The association’s pension liability continues to improve. The pension liability is calculated by our actuaries once per year. This calculated balance is as of the end of the fiscal year, or Aug. 31, 2021. During fiscal year 2021, our net pension liability decreased by $18.5 million.

The pension plan is a separate legal entity that has its own assets consisting of high-quality liquid investments. The pension liability is determined as the difference between the pension’s assets and the plan’s obligation, or the amount owed to current and future retirees in retirement benefits. During the fiscal year, both components of the liability improved as follows:

The pension assets grew by $12.0 million to $158.1 million because of strong financial market returns.

The pension obligation declined by $6.5 million to $167.8 million. The decline was due to the fact that the plan paid $11 million in benefits and because interest rates increased modestly through Aug. 31, 2021, more than offsetting the increase in accrued amounts owed to plan participants. Since then, interest rates have increased significantly. If rates stay at this higher level, the pension obligation will fall further and reduce the pension liability even more.

The association has been successful in managing this significant obligation. In fiscal year 2016, the pension liability was $95 million. As of Aug. 31, 2021, it is less than $10 million, an $85 million improvement. We accomplished this through $80 million of low-cost loans used to fund the pension and several transactions that reduced the number of individuals in the pension plan. Of the $80 million of loans, $50.5 million has been repaid as of April 30, leaving a remaining balance of $29.5 million.

Fiscal year 2023 budget

As of this writing, staff has completed initial input of our association’s preliminary fiscal year 2023 budget. Preliminary consolidated budgeted revenue is about $207 million, an increase of more than $9 million from the final fiscal year 2022 budget.

As discussed earlier in this report, grant revenue is up $8.3 million over last year for the eight-month period ending April 30, 2022. Looking forward to next year, we expect this growth trend to continue as the grants’ full-year total budget of $86.4 million reflects a total increase of over $13 million from the fiscal year 2022 budget. This increased grants activity also benefits the association’s general operations in that it allows the association to recover more of its overhead costs from grants. The fact that unrelated third parties want to fund our work convincingly demonstrates its value. We should all take pride in the tremendous work our association performs for the betterment of our world.

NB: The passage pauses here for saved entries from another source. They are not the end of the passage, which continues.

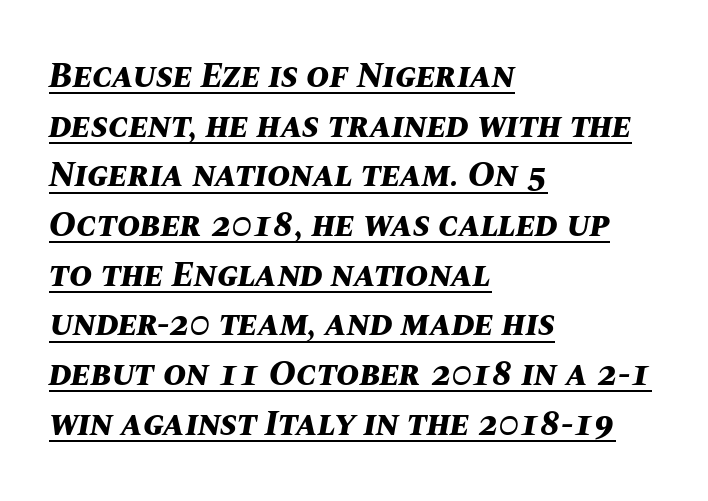
Q: Is the text bold? A: Yes.
Q: Is the text italic (slanted)? A: Yes, it leans right by about 10 degrees.
Q: Is the text underlined? A: Yes.
Q: How is the paragraph aligned? A: Left-aligned.
Q: Is the spacing between letters normal or unusually wide? A: Normal.
Q: Is the spacing between lines tight, normal or loose? A: Normal.
Q: Width (condensed, normal, or wide)? A: Normal.
Q: Stroke contrast? A: Medium.
Q: x-height? A: Large.
Q: Monospaced? A: No.
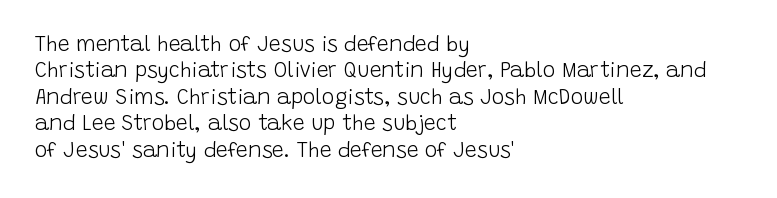
Q: Is the text bold? A: No.
Q: Is the text italic (slanted)? A: No, it is upright.
Q: Is the text underlined? A: No.
Q: How is the paragraph aligned? A: Left-aligned.
Q: Is the spacing between letters normal or unusually wide? A: Normal.
Q: Is the spacing between lines tight, normal or loose? A: Normal.
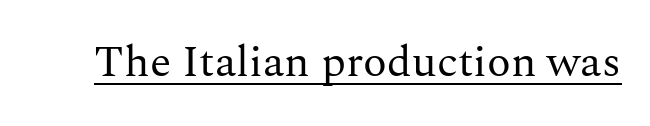
The image shows 44 px regular-weight serif type, upright; set normal letter spacing, underlined; medium stroke contrast and a medium x-height.
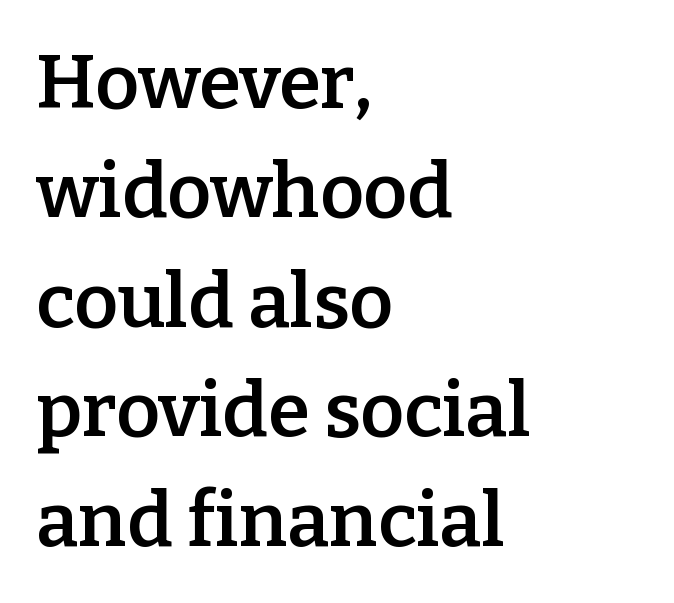
{"serif": "yes", "italic": "no", "bold": "semi", "weight": "semibold", "width": "normal", "stroke_contrast": "low", "x_height": "medium", "monospaced": "no", "underline": "no", "align": "left", "line_spacing": "normal", "line_spacing_ratio": 1.44, "letter_spacing": "normal", "letter_spacing_em": 0.0, "glyph_px": 76}

Although grant activity is expected to increase significantly, general operations revenue is expected to decrease by about $4 million from the fiscal year 2022 budget. Most of the decrease is from using less investment income in operations, but both dues and meetings-related revenue are also expected to slightly decline from the fiscal year 2022 budget, emphasizing the need to attract new members and improve retention of existing members.

To compensate for this decreased revenue and achieve the required general operations balanced budget of revenue and expenses that support our core activities, expense savings were found in several areas: the increased overhead expense recoveries from grants mentioned earlier; shared staff and other efficiencies identified by senior staff; and a reduction in general operations contributions to sections, divisions and forums.

On an aggregate basis, budgets for sections, divisions and forums have remained stable year over year.

The budget is preliminary, as much can occur in the time remaining of fiscal year 2022. We are encouraged by the diligent efforts of staff and our member leaders to find efficiencies in their areas while not materially disrupting efforts to acquire, engage and retain members. We look forward to a successful fiscal year 2023 and beyond. Thank you for the opportunity to serve as your treasurer.